● Supplied data
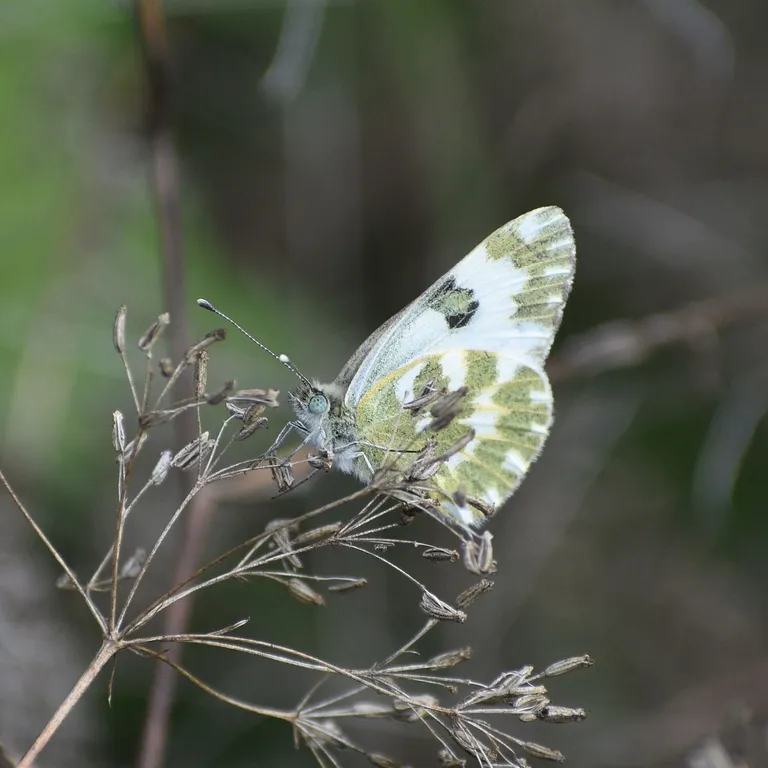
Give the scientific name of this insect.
Pontia edusa
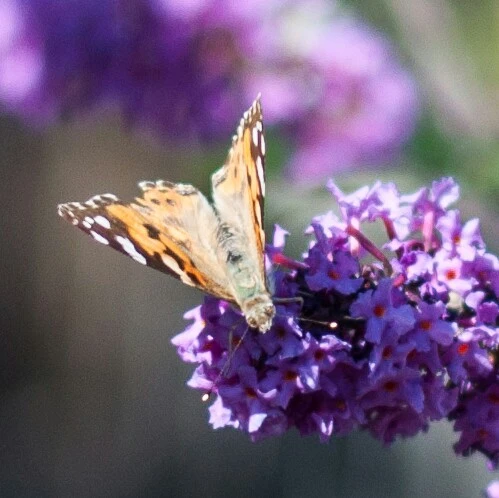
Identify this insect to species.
Vanessa cardui
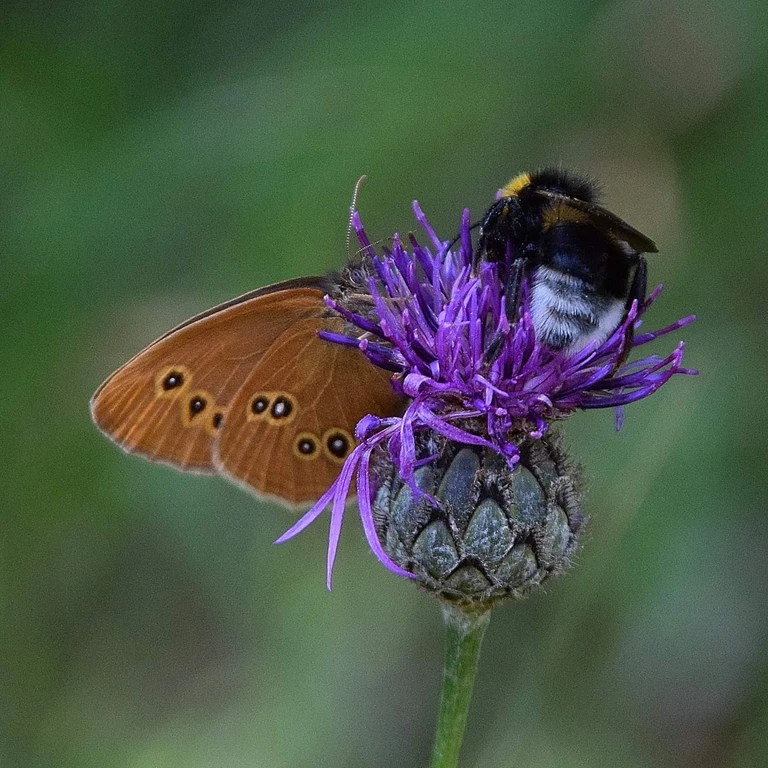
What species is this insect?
Aphantopus hyperantus
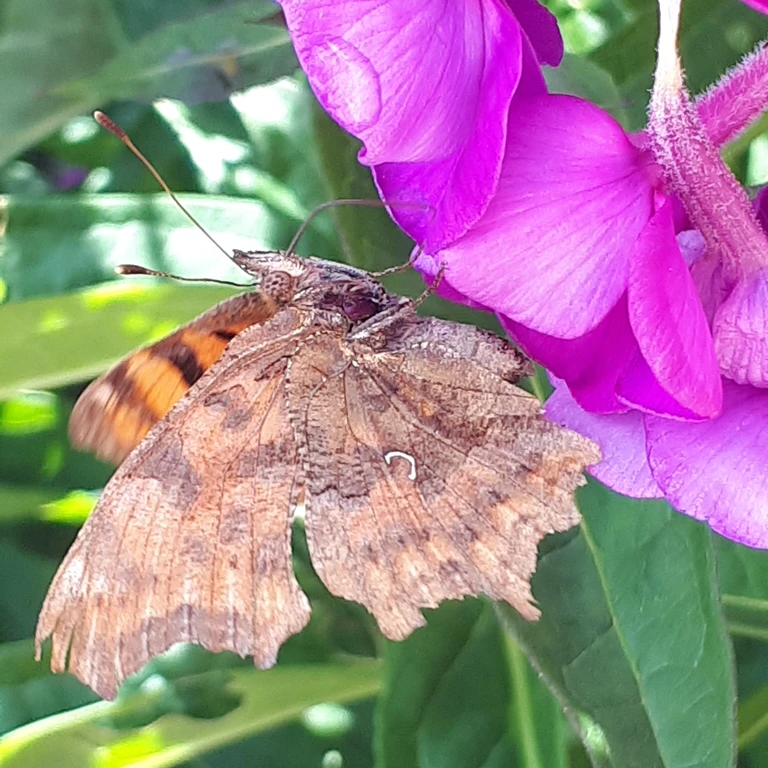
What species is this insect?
Polygonia c-album
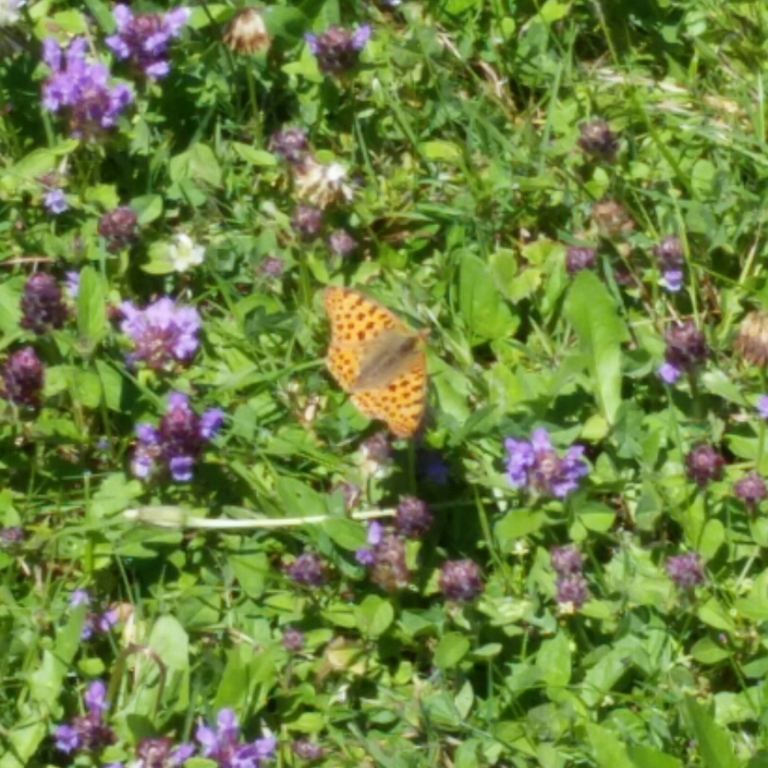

● Exercise directions
None of the pictures belong in the copy; repeat all other material exactly.

● Exercise solution
Give the scientific name of this insect.
Pontia edusa
Identify this insect to species.
Vanessa cardui
What species is this insect?
Aphantopus hyperantus
What species is this insect?
Polygonia c-album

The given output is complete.